# Introducing 6 week bottle babies to the herd?



## mls4846 (Jan 13, 2013)

I've browsed the different forums but haven't seen an answer to this question...

We have 3 - 6 week old bottle babies (1m, 2f) that have been living in their own little world at our farm for 6 weeks. They are not related to any of our girls.

They are grazing, eating a bit of creep feed grain and are getting 2-16oz bottles a day and nibbling on the hay provided. They are healthy and past the 30 day quarantine period.

We would like to introduce them into our commercial herd of 13 other boer goats. (7 weaned doelings and 2 nursing mothers and their 4 - 8 week old babies.) I am considering keeping 1 of the female bottle babies and want to get her into the pen with the others so she can start learning from them.

We were told in the beginning not to co-mingle them with the nursing nannies because they would try to nurse and would be harmed. However, is it safe to mix them at 6 weeks? Do we need to have them completely off bottles first?

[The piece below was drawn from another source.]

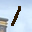
Label: 1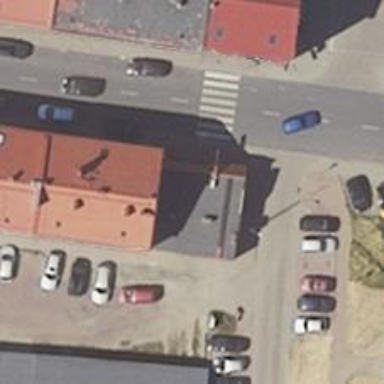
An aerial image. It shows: Bakery.

We plan to wean them in another 10 days so waiting isn't an issue but it would be nice for them to be with the rest. 

Advice would be wonderful?


----------



## happybleats (Sep 12, 2010)

when its time for baby to go out side..we do so carefully...we have a pen that shares a fence line with everyone else..after a week or so of fence visiting we let them have supervised visits.... this might take a while...never leave new babies out to fend for themselves..a larger goat can and many times will hurt them..once you have had several supervised visit with no trouble..then allow then to go out and check on them often...you will know when they can adapted to the herd safely. we have five bottle babies and three just weened who all run with our herd...they learn who to stay away from fast..


----------



## mls4846 (Jan 13, 2013)

Thanks! For clarification - is it best to wait until they are weaned before we introduce them to the rest of the herd?


----------



## happybleats (Sep 12, 2010)

its not necessary to wait...ours are still on the bottle..the most important thing to be sure they are safe with the bigger goats..My moms are all pretty gentle..I have a few who can be grumpy but I have never seen any try to hurt the babies..


----------



## mjs500doo (Nov 24, 2012)

Same here! Just introduced 3 doelings (1 month, 3 weeks, 2 weeks) into the lactating goat pen, mainly for feed, space, and fencing reasons, as well as bottle schedule falling durin milk times. Our does are so tame. They do keep the babies in check when they need it, but they're doing great!


----------